# The Outer Worlds



## PURPLEB3RRYKUSH (Oct 26, 2019)

Dope new RPG game similiar to Fallout and Borderlands, try it out if yah like boots on the ground gameplay


----------



## omgBoNg (Nov 5, 2019)

Liked both fallout and borderlands. In fact borderlands is one of my all time favorite titles. Is this on xbox? Might have to check it out.


----------



## PURPLEB3RRYKUSH (Nov 5, 2019)

omgBoNg said:


> Liked both fallout and borderlands. In fact borderlands is one of my all time favorite titles. Is this on xbox? Might have to check it out.

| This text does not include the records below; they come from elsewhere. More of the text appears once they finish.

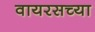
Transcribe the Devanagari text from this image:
वायरसच्या
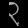
Digit: ၃
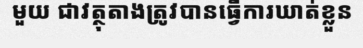
មួយ ជាវត្ថុតាងត្រូវបានធ្វើការឃាត់ខ្លួន
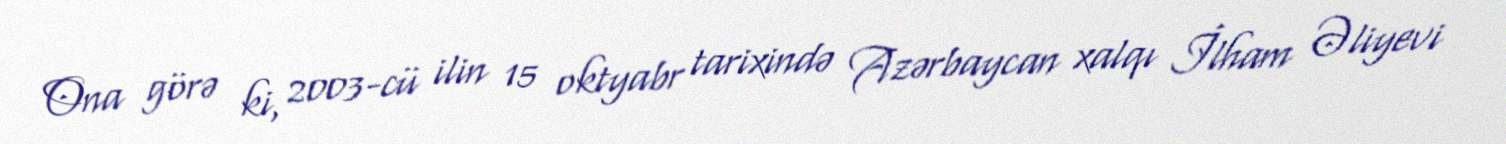
Ona görə ki, 2003-cü ilin 15 oktyabr tarixində Azərbaycan xalqı İlham Əliyevi
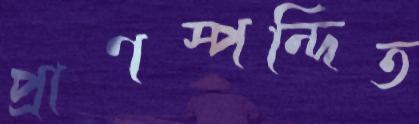
প্রাণস্পন্দিত
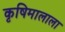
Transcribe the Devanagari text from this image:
कृषिमालाला
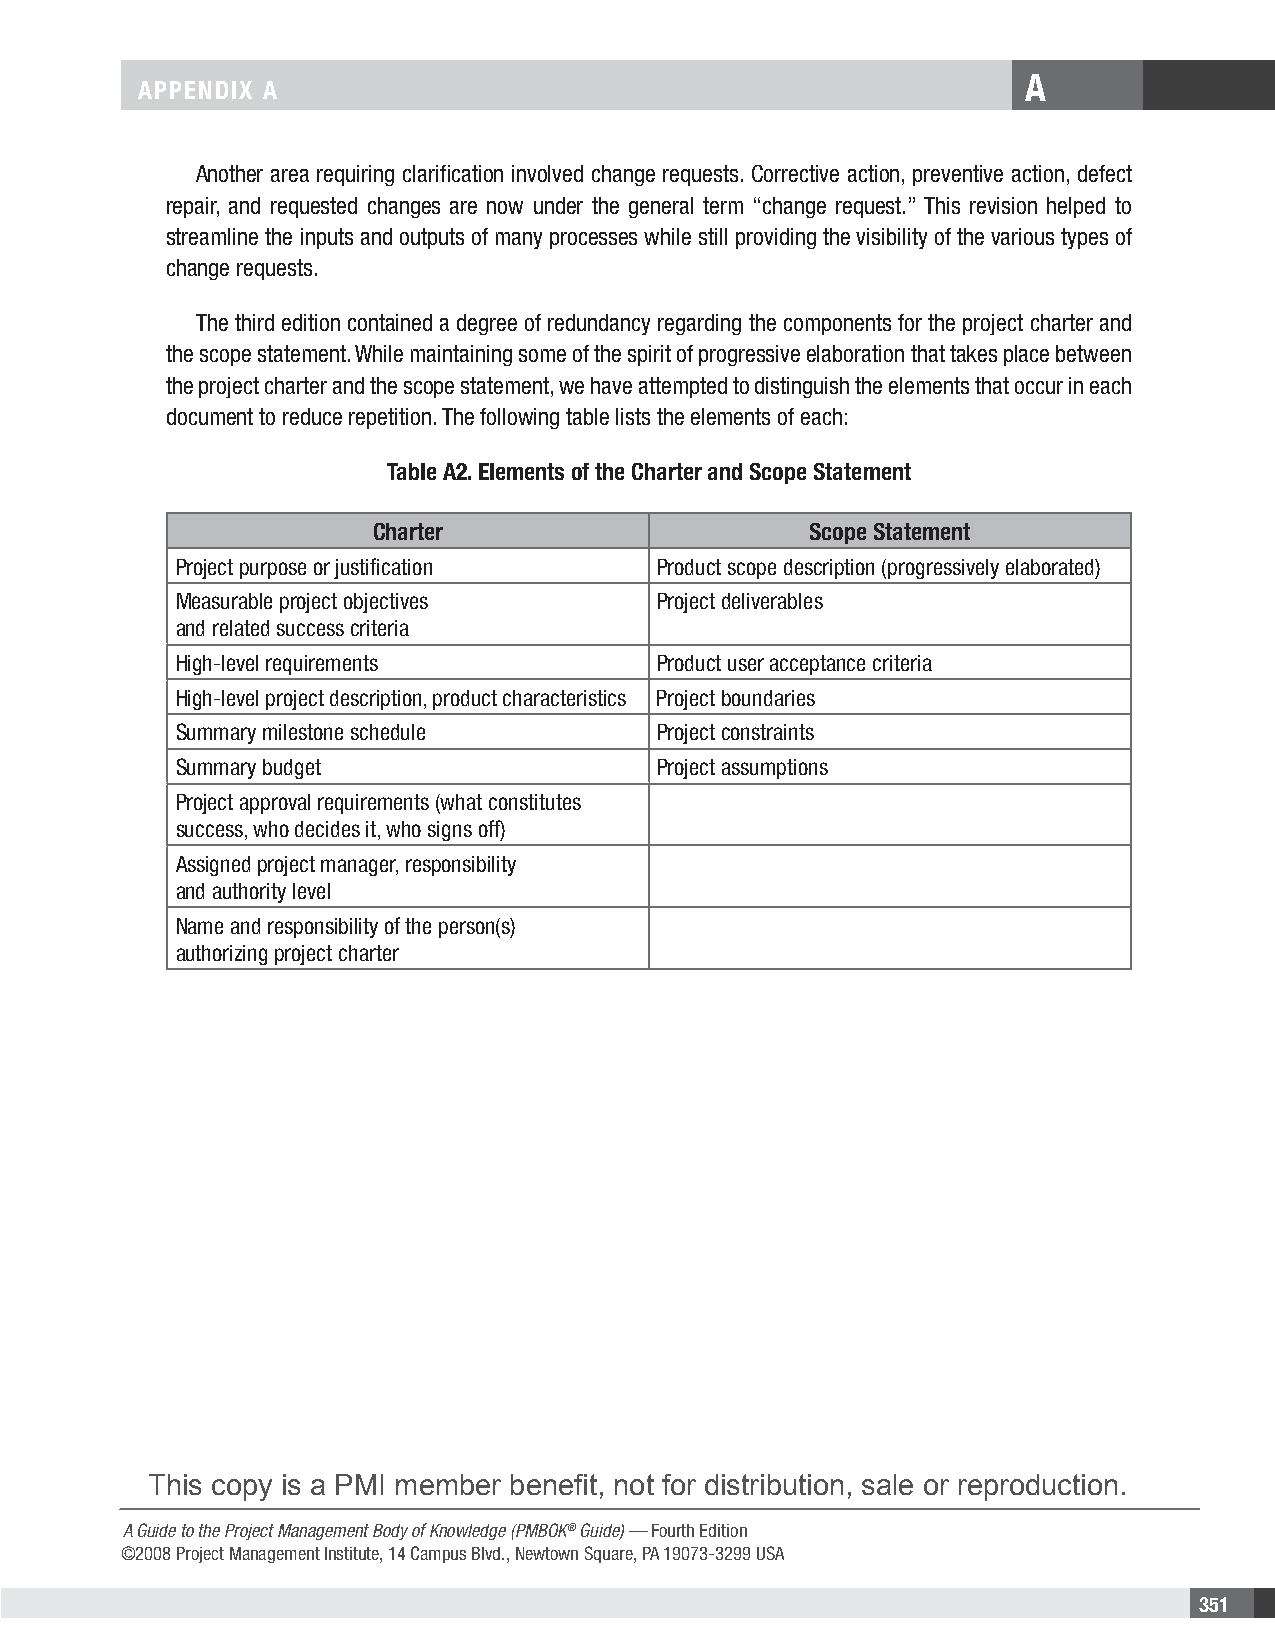
A
 APPENDIX A
 Another area requiring clarification involved change requests. Corrective action, preventive action, defect
 repair, and requested changes are now under the general term “change request.” This revision helped to
 streamline the inputs and outputs of many processes while still providing the visibility of the various types of
 change requests.
 The third edition contained a degree of redundancy regarding the components for the project charter and
 the scope statement. While maintaining some of the spirit of progressive elaboration that takes place between
 the project charter and the scope statement, we have attempted to distinguish the elements that occur in each
 document to reduce repetition. The following table lists the elements of each:
 Table A2. Elements of the Charter and Scope Statement
 Charter                      Scope Statement
 Project purpose or justification Product scope description (progressively elaborated)
 Measurable project objectives   Project deliverables
 and related success criteria
 High-level requirements         Product user acceptance criteria
 High-level project description, product characteristics Project boundaries
 Summary milestone schedule      Project constraints
 Summary budget                  Project assumptions
 Project approval requirements (what constitutes
 success, who decides it, who signs off)
 Assigned project manager, responsibility
 and authority level
 Name and responsibility of the person(s)
 authorizing project charter
 This copy is a PMI member benefit, not for distribution, sale or reproduction.
 A Guide to the Project Management Body of Knowledge (PMBOK® Guide) — Fourth Edition
 ©2008 Project Management Institute, 14 Campus Blvd., Newtown Square, PA 19073-3299 USA
 351
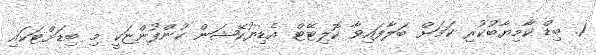
1. ބިޑް ކާމިޔާބުކުރި ކަމަށް ބަލާފައިވާ ކޮލިޓޭޓް އެޑިޔުކޭޝަން ކުންފުންޏަކީ މި ބިޑަށްޓަކައި
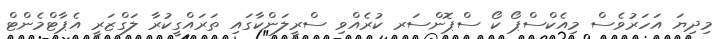
މިދިޔަ އަހަރުވެސް މިއެކްސްޕޯ ކޯ ސްޕޮންސަރ ކުރެއްވި ސްރީލަންކާގައި ތަރައްގީކުރާ ލަގްޒަރީ އެޕާޓްމެންޓް
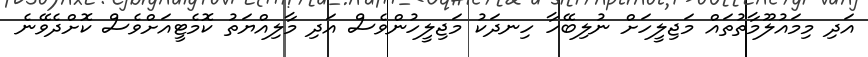
އަދި މިމައުލޫމާތުތައް މަޖިލީހަށް ނުލިބޭހާ ހިނދަކު މަޖިލީހުންވެސް އަދި މާލިއްޔަތު ކޮމެޓީއަށްވެސް ކޮށްދެވޭނެ
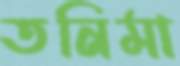
তনিমা
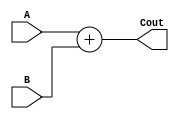
// ADD

module ADD ( A,
			 B,
			 Cout);

	parameter n = 16;

	input  [n-1:0] A;
	input  [n-1:0] B;

	output [n-1:0] Cout;

	assign Cout = A + B;

endmodule
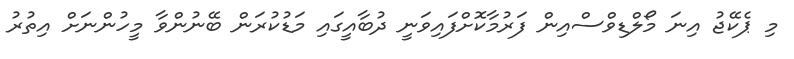
މި ޕެކޭޖު އިނަ މޯލްޑިވްސްއިން ފަރުމާކޮށްފައިވަނީ ދުބާއީގައި މަޑުކުރަން ބޭނުންވާ މީހުންނަށް އިތުރު
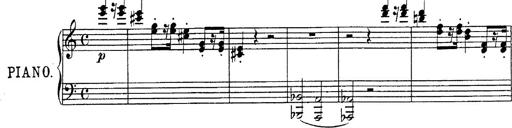
Title: Fantasie Ã¼ber Themen aus Mozarts Figaro und Don Giovanni
Composer: Franz Liszt
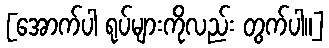
[အောက်ပါ ရုပ်များကိုလည်း တွက်ပါ။]
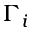
\Gamma _ { i }

Yeah free with gamepass, just finished it, took 1 day 8 hours to beat


----------



## LondonSeedCentre (Nov 13, 2019)

PURPLEB3RRYKUSH said:


> Yeah free with gamepass, just finished it, took 1 day 8 hours to beat


This whole gamepass thing is awesome. Wish Sony had something like that for their first-party titles  

Jacob


----------



## PURPLEB3RRYKUSH (Nov 13, 2019)

LondonSeedCentre said:


> This whole gamepass thing is awesome. Wish Sony had something like that for their first-party titles
> 
> Jacob


I love gamepass for peeps like me that dont like dropping $100+ on a game, they used be $50 a game back in the day


----------